A Novel Modular and Dispatchable CSP Stirling System: Design, Validation, and Demonstration Plans

This paper summarizes the preliminary results from the on-going development of a novel modular dispatchable solar power plant concept. The work encompasses techno-economic feasibility assessment, concept design, full scale subsystem tests and validation work, and ultimately plans for a fully integrated demonstration of the system. The proposed solar power plant concept consists of a heliostat field that powers a latent heat thermal energy storage (TES), fitted on a small tower. The solar receiver located underneath the TES tank, is an optical cavity with a small aperture that enables the concentrated sunlight to be emitted directly on the solar absorber surface while ensuring low convective and radiative losses. The stored thermal energy is provided to the engine, in proximity to the latent heat storage, with a pumped heat transfer fluid (HTF). The Stirling engine with a rated power of 13 kW has been modified and optimised for the operational conditions that the eutectic aluminum-silicon latent heat storage provides.

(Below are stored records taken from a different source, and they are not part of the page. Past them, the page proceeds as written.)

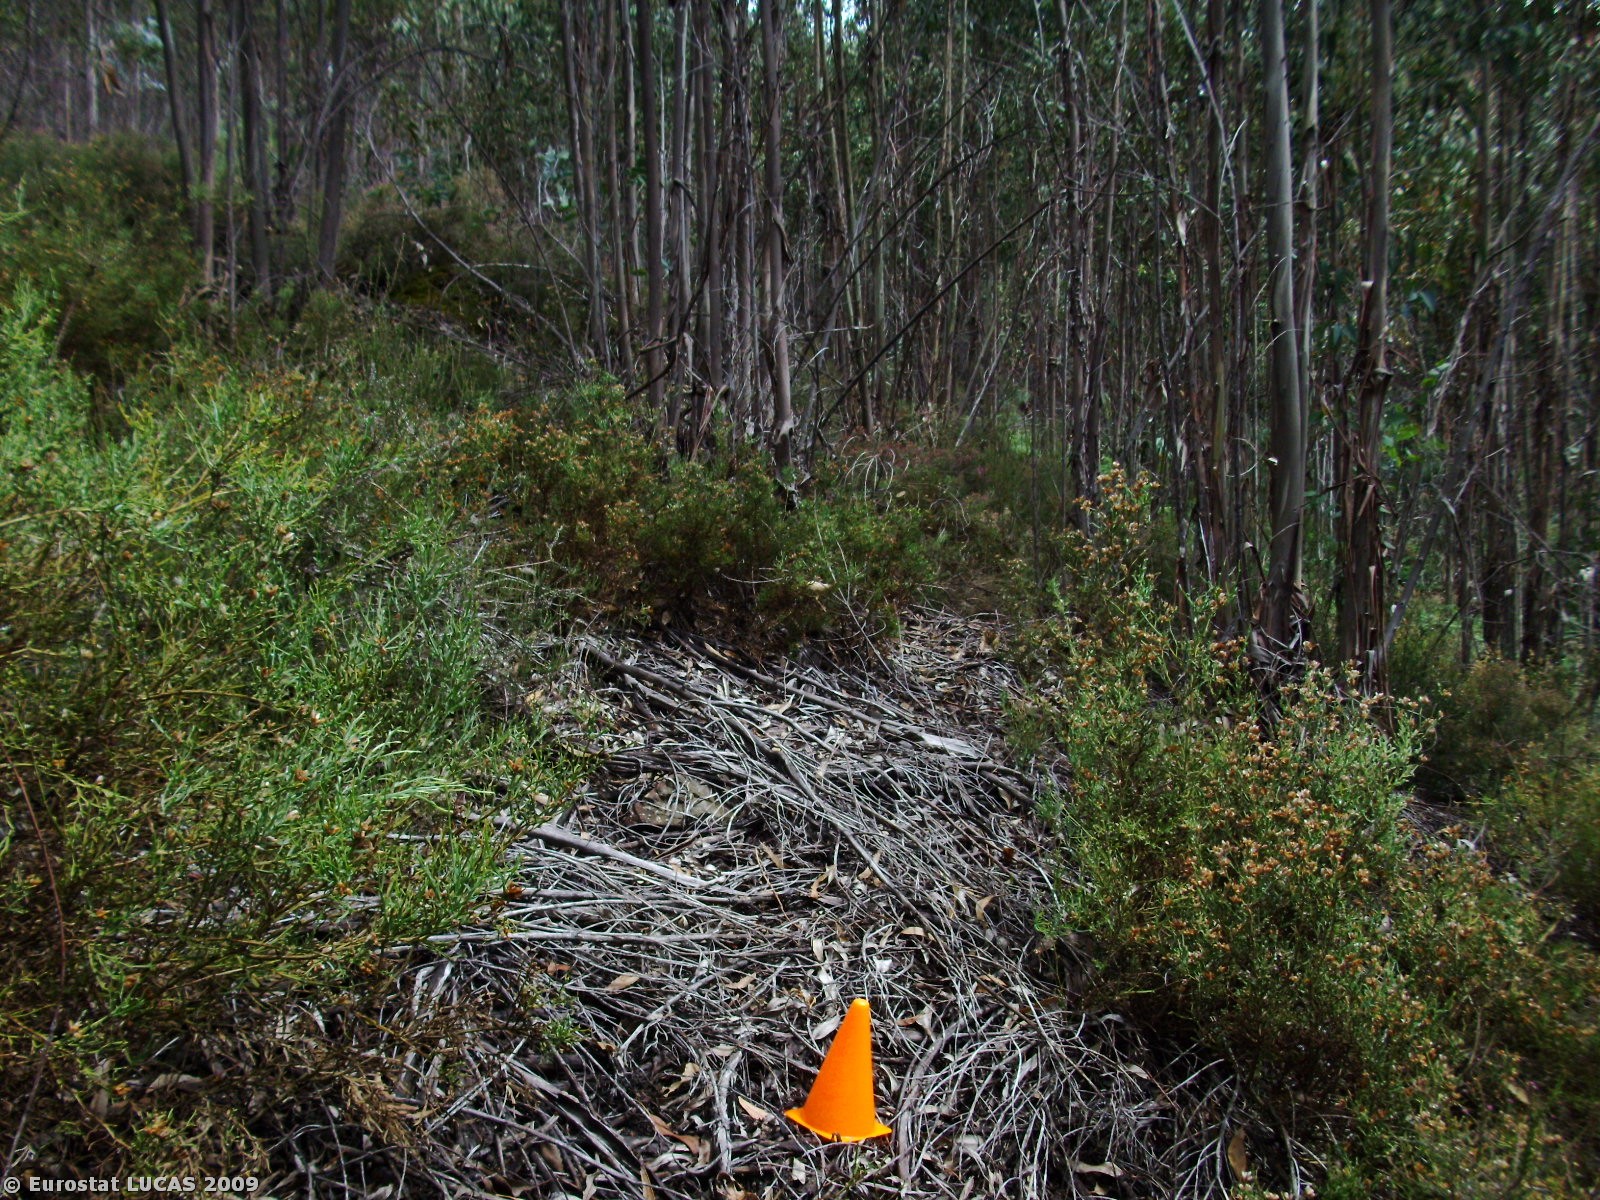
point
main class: Woodland
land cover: Broadleaved woodland
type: plantations and self-sown exotic forest
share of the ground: > 75 %
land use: Forestry
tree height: > 5 m
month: June
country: PT
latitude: 39.9663
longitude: -8.2322

For example, a new engine tubular gas heater has been developed for the HTF (i.e. sodium) and the expansion cylinder has been enlarged to improve both efficiency and power output as the temperature of the working gas is somewhat lower than in previous dish Stirling application. The choice of eutectic aluminum-silicon as TES media resulted from a thorough assessment of several phase change materials throughout the design phase of the project. Indeed, such a TES media selected would benefit from a suitable melting temperature of around 580 degrees C, high energy density, high thermal conductivity, and low cost.